DIRECTIONS: What you return must match the records exactly, except that the pictures are gone.

___ DATA PROVIDED

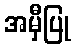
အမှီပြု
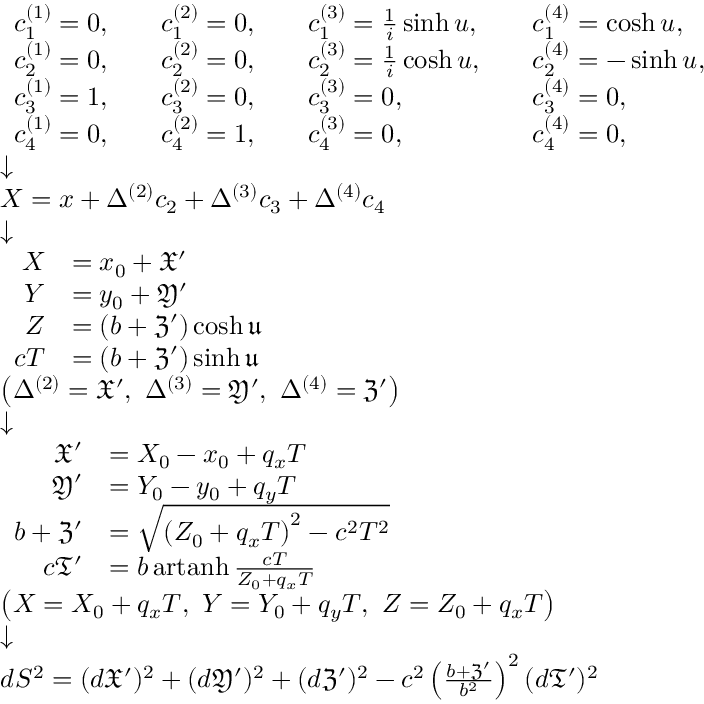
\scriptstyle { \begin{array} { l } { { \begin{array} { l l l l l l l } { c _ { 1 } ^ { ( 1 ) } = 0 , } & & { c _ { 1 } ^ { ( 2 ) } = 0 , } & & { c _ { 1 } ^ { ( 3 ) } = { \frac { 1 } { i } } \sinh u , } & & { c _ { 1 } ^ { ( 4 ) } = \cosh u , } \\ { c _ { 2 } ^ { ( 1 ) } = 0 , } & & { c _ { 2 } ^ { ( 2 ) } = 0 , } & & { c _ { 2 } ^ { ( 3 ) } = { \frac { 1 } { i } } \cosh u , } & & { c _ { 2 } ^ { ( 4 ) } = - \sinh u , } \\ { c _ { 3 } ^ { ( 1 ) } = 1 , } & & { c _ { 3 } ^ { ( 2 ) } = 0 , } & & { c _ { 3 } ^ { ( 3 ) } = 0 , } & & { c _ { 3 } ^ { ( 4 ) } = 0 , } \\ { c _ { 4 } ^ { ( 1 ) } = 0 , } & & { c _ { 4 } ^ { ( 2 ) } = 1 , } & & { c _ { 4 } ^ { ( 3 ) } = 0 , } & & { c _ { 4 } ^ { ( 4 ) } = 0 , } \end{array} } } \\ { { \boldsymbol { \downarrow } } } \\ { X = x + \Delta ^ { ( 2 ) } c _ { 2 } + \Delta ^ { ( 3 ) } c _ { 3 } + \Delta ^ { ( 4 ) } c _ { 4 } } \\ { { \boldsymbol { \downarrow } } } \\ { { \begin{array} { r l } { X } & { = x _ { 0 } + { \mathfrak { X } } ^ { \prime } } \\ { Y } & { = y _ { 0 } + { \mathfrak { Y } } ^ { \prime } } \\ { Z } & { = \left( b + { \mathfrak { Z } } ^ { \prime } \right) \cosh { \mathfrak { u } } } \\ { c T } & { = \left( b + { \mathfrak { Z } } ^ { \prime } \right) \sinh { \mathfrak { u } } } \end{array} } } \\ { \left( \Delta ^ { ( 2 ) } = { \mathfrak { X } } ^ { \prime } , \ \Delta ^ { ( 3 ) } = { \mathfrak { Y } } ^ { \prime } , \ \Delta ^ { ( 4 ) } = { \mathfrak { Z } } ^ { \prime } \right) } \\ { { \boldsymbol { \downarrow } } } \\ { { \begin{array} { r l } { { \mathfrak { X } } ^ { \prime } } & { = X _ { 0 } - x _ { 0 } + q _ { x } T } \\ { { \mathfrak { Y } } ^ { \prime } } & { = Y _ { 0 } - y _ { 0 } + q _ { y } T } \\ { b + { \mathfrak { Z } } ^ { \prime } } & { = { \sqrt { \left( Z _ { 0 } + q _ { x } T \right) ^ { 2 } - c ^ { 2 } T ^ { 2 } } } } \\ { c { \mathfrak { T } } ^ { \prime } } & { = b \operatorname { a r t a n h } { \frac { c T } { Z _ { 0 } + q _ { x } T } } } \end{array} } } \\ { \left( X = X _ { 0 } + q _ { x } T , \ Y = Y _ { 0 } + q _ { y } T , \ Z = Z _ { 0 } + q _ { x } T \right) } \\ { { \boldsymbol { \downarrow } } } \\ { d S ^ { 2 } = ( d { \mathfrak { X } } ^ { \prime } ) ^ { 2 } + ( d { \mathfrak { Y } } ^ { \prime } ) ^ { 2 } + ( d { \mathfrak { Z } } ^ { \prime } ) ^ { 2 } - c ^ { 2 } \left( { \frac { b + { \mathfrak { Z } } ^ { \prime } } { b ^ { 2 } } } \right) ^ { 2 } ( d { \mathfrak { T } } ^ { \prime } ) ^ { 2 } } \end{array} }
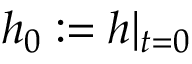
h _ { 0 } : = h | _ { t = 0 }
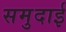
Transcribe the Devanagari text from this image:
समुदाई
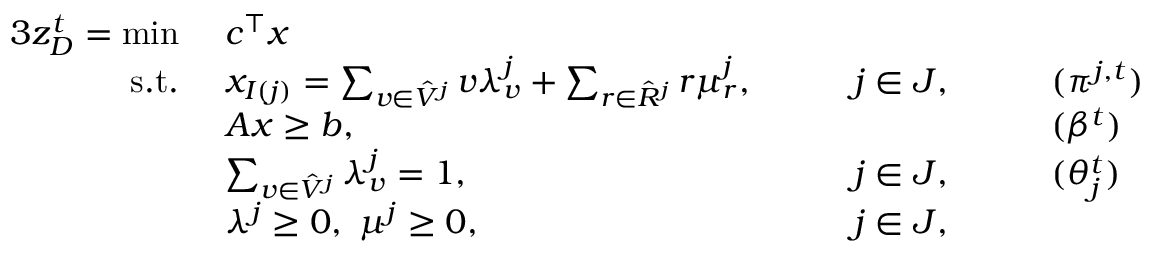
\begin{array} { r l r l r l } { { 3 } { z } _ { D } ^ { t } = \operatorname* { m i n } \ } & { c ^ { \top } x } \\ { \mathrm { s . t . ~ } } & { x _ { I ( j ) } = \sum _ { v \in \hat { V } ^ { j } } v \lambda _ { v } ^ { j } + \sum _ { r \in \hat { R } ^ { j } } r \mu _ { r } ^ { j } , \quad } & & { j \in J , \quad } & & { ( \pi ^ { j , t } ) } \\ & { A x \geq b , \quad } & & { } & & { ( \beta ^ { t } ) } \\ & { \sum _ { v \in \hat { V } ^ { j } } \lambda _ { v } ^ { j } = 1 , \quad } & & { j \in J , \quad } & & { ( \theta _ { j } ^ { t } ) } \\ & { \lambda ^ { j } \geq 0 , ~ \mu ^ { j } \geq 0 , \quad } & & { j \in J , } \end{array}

______

SOLUTION BELOW:
အမှီပြု
\scriptstyle { \begin{array} { l } { { \begin{array} { l l l l l l l } { c _ { 1 } ^ { ( 1 ) } = 0 , } & & { c _ { 1 } ^ { ( 2 ) } = 0 , } & & { c _ { 1 } ^ { ( 3 ) } = { \frac { 1 } { i } } \sinh u , } & & { c _ { 1 } ^ { ( 4 ) } = \cosh u , } \\ { c _ { 2 } ^ { ( 1 ) } = 0 , } & & { c _ { 2 } ^ { ( 2 ) } = 0 , } & & { c _ { 2 } ^ { ( 3 ) } = { \frac { 1 } { i } } \cosh u , } & & { c _ { 2 } ^ { ( 4 ) } = - \sinh u , } \\ { c _ { 3 } ^ { ( 1 ) } = 1 , } & & { c _ { 3 } ^ { ( 2 ) } = 0 , } & & { c _ { 3 } ^ { ( 3 ) } = 0 , } & & { c _ { 3 } ^ { ( 4 ) } = 0 , } \\ { c _ { 4 } ^ { ( 1 ) } = 0 , } & & { c _ { 4 } ^ { ( 2 ) } = 1 , } & & { c _ { 4 } ^ { ( 3 ) } = 0 , } & & { c _ { 4 } ^ { ( 4 ) } = 0 , } \end{array} } } \\ { { \boldsymbol { \downarrow } } } \\ { X = x + \Delta ^ { ( 2 ) } c _ { 2 } + \Delta ^ { ( 3 ) } c _ { 3 } + \Delta ^ { ( 4 ) } c _ { 4 } } \\ { { \boldsymbol { \downarrow } } } \\ { { \begin{array} { r l } { X } & { = x _ { 0 } + { \mathfrak { X } } ^ { \prime } } \\ { Y } & { = y _ { 0 } + { \mathfrak { Y } } ^ { \prime } } \\ { Z } & { = \left( b + { \mathfrak { Z } } ^ { \prime } \right) \cosh { \mathfrak { u } } } \\ { c T } & { = \left( b + { \mathfrak { Z } } ^ { \prime } \right) \sinh { \mathfrak { u } } } \end{array} } } \\ { \left( \Delta ^ { ( 2 ) } = { \mathfrak { X } } ^ { \prime } , \ \Delta ^ { ( 3 ) } = { \mathfrak { Y } } ^ { \prime } , \ \Delta ^ { ( 4 ) } = { \mathfrak { Z } } ^ { \prime } \right) } \\ { { \boldsymbol { \downarrow } } } \\ { { \begin{array} { r l } { { \mathfrak { X } } ^ { \prime } } & { = X _ { 0 } - x _ { 0 } + q _ { x } T } \\ { { \mathfrak { Y } } ^ { \prime } } & { = Y _ { 0 } - y _ { 0 } + q _ { y } T } \\ { b + { \mathfrak { Z } } ^ { \prime } } & { = { \sqrt { \left( Z _ { 0 } + q _ { x } T \right) ^ { 2 } - c ^ { 2 } T ^ { 2 } } } } \\ { c { \mathfrak { T } } ^ { \prime } } & { = b \operatorname { a r t a n h } { \frac { c T } { Z _ { 0 } + q _ { x } T } } } \end{array} } } \\ { \left( X = X _ { 0 } + q _ { x } T , \ Y = Y _ { 0 } + q _ { y } T , \ Z = Z _ { 0 } + q _ { x } T \right) } \\ { { \boldsymbol { \downarrow } } } \\ { d S ^ { 2 } = ( d { \mathfrak { X } } ^ { \prime } ) ^ { 2 } + ( d { \mathfrak { Y } } ^ { \prime } ) ^ { 2 } + ( d { \mathfrak { Z } } ^ { \prime } ) ^ { 2 } - c ^ { 2 } \left( { \frac { b + { \mathfrak { Z } } ^ { \prime } } { b ^ { 2 } } } \right) ^ { 2 } ( d { \mathfrak { T } } ^ { \prime } ) ^ { 2 } } \end{array} }
h _ { 0 } : = h | _ { t = 0 }
Transcribe the Devanagari text from this image:
समुदाई
\begin{array} { r l r l r l } { { 3 } { z } _ { D } ^ { t } = \operatorname* { m i n } \ } & { c ^ { \top } x } \\ { \mathrm { s . t . ~ } } & { x _ { I ( j ) } = \sum _ { v \in \hat { V } ^ { j } } v \lambda _ { v } ^ { j } + \sum _ { r \in \hat { R } ^ { j } } r \mu _ { r } ^ { j } , \quad } & & { j \in J , \quad } & & { ( \pi ^ { j , t } ) } \\ & { A x \geq b , \quad } & & { } & & { ( \beta ^ { t } ) } \\ & { \sum _ { v \in \hat { V } ^ { j } } \lambda _ { v } ^ { j } = 1 , \quad } & & { j \in J , \quad } & & { ( \theta _ { j } ^ { t } ) } \\ & { \lambda ^ { j } \geq 0 , ~ \mu ^ { j } \geq 0 , \quad } & & { j \in J , } \end{array}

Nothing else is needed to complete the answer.